Astrid Prihatini Wisnu Dewi
Rabu, 20 April 2022 - 16:19
Bagikan

Bisnis.com, SOLO - Raden Ajeng Kartini berasal dari kalangan priyayi atau kelas bangsawan Jawa. Ia merupakan putri bupati Jepara, Raden Mas Adipati Ario Sosroningrat, dari istri pertamanya--M.A. Ngasirah, putri dari Siti Aminah dan KH Madirono, seorang guru agama di Telukawur, Jepara.

Dikutip dari berbagai sumber, ayah Kartini pada mulanya adalah seorang wedana (pembantu bupati/membawahkan camat) di Mayong. Sementara, peraturan kolonial waktu itu mengharuskan seorang bupati beristerikan seorang bangsawan.

Nah, karena M.A. Ngasirah bukanlah bangsawan tinggi, maka ayahnya pun menikah lagi dengan Raden Ajeng Woerjan (Moerjam), keturunan langsung Raja Madura.

Setelah perkawinan itu, ayah Kartini pun diangkat menjadi bupati di Jepara menggantikan kedudukan ayah kandung R.A. Woerjan, R.A.A. Tjitrowikromo.

Sementara itu, Kartini sendiri adalah anak ke-5 dari 11 bersaudara kandung dan tiri. Dari ke semua saudara sekandung, ia adalah anak perempuan tertua.

Kakeknya, Pangeran Ario Tjondronegoro IV, diangkat bupati dalam usia 25 tahun dan dikenal pada pertengahan abad ke-19 sebagai salah satu bupati pertama yang memberi pendidikan Barat kepada anak-anaknya.

Lalu, kakak Kartini, Sosrokartono, adalah seorang yang pintar dalam bidang bahasa. Sampai usia 12 tahun, Kartini diperbolehkan bersekolah di Europeesche Lagere School (ELS). Di sini, Kartini pun belajar bahasa Belanda.

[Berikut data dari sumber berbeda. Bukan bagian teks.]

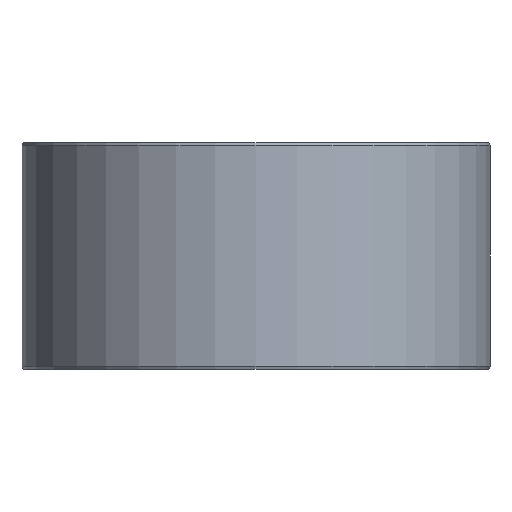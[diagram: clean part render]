
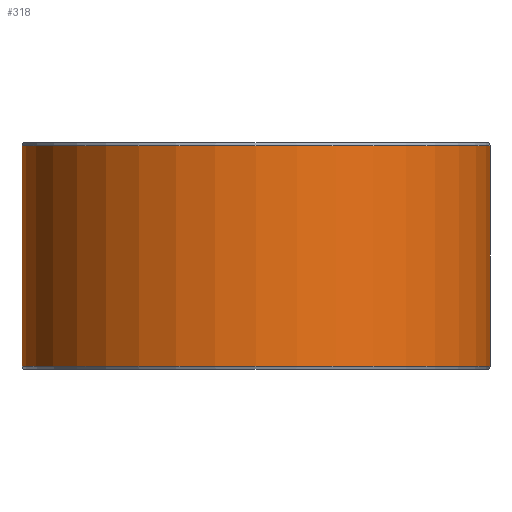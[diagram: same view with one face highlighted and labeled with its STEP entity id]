
A CAD part, left-side view. The second image highlights one B-rep face of the part: STEP entity #318.
In plain terms, the highlighted cylindrical face has radius 82.5 mm (diameter 165 mm), a partial arc.
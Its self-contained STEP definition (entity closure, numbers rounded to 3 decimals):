
#65=CARTESIAN_POINT('',(0.,0.,-38.8));
#66=DIRECTION('',(0.,0.,-1.));
#67=DIRECTION('',(0.,-1.,0.));
#68=AXIS2_PLACEMENT_3D('',#65,#66,#67);
#83=DIRECTION('',(0.,0.,-1.));
#84=VECTOR('',#83,77.6);
#85=CARTESIAN_POINT('',(0.,-82.5,38.8));
#86=LINE('',#85,#84);
#92=DIRECTION('',(0.,0.,-1.));
#93=VECTOR('',#92,77.6);
#94=CARTESIAN_POINT('',(0.,82.5,38.8));
#95=LINE('',#94,#93);
#96=CARTESIAN_POINT('',(0.,0.,38.8));
#97=DIRECTION('',(0.,0.,-1.));
#98=DIRECTION('',(0.,-1.,0.));
#99=AXIS2_PLACEMENT_3D('',#96,#97,#98);
#134=CARTESIAN_POINT('',(0.,-82.5,38.8));
#136=VERTEX_POINT('',#134);
#137=CARTESIAN_POINT('',(0.,-82.5,-38.8));
#138=VERTEX_POINT('',#137);
#150=CARTESIAN_POINT('',(0.,82.5,38.8));
#152=VERTEX_POINT('',#150);
#153=CARTESIAN_POINT('',(0.,82.5,-38.8));
#154=VERTEX_POINT('',#153);
#306=CARTESIAN_POINT('',(0.,0.,44.));
#307=DIRECTION('',(0.,0.,-1.));
#308=DIRECTION('',(0.,-1.,0.));
#309=AXIS2_PLACEMENT_3D('',#306,#307,#308);
#310=CYLINDRICAL_SURFACE('',#309,82.5);
#311=ORIENTED_EDGE('',*,*,#296,.T.);
#312=ORIENTED_EDGE('',*,*,#273,.T.);
#313=ORIENTED_EDGE('',*,*,#300,.F.);
#315=ORIENTED_EDGE('',*,*,#314,.F.);
#316=EDGE_LOOP('',(#311,#312,#313,#315));
#317=FACE_OUTER_BOUND('',#316,.F.);
#318=ADVANCED_FACE('',(#317),#310,.T.);
#69=CIRCLE('',#68,82.5);
#100=CIRCLE('',#99,82.5);
#273=EDGE_CURVE('',#138,#154,#69,.T.);
#296=EDGE_CURVE('',#136,#138,#86,.T.);
#300=EDGE_CURVE('',#152,#154,#95,.T.);
#314=EDGE_CURVE('',#136,#152,#100,.T.);

Lepas dari usia 12 tahun, lantaran Kartini bisa berbahasa Belanda, di rumah ia pun mulai belajar sendiri dan menulis surat kepada teman-teman korespondensi yang berasal dari Belanda. Salah satunya adalah Rosa Abendanon.

Di saat yang bersamaan, dari buku-buku, koran, dan majalah Eropa, Kartini lantas tertarik pada kemajuan berpikir perempuan Eropa. Dari situ, timbul keinginannya untuk memajukan perempuan Tanah Air karena ia melihat bahwa perempuan-perempuan saat itu berada pada status sosial yang rendah.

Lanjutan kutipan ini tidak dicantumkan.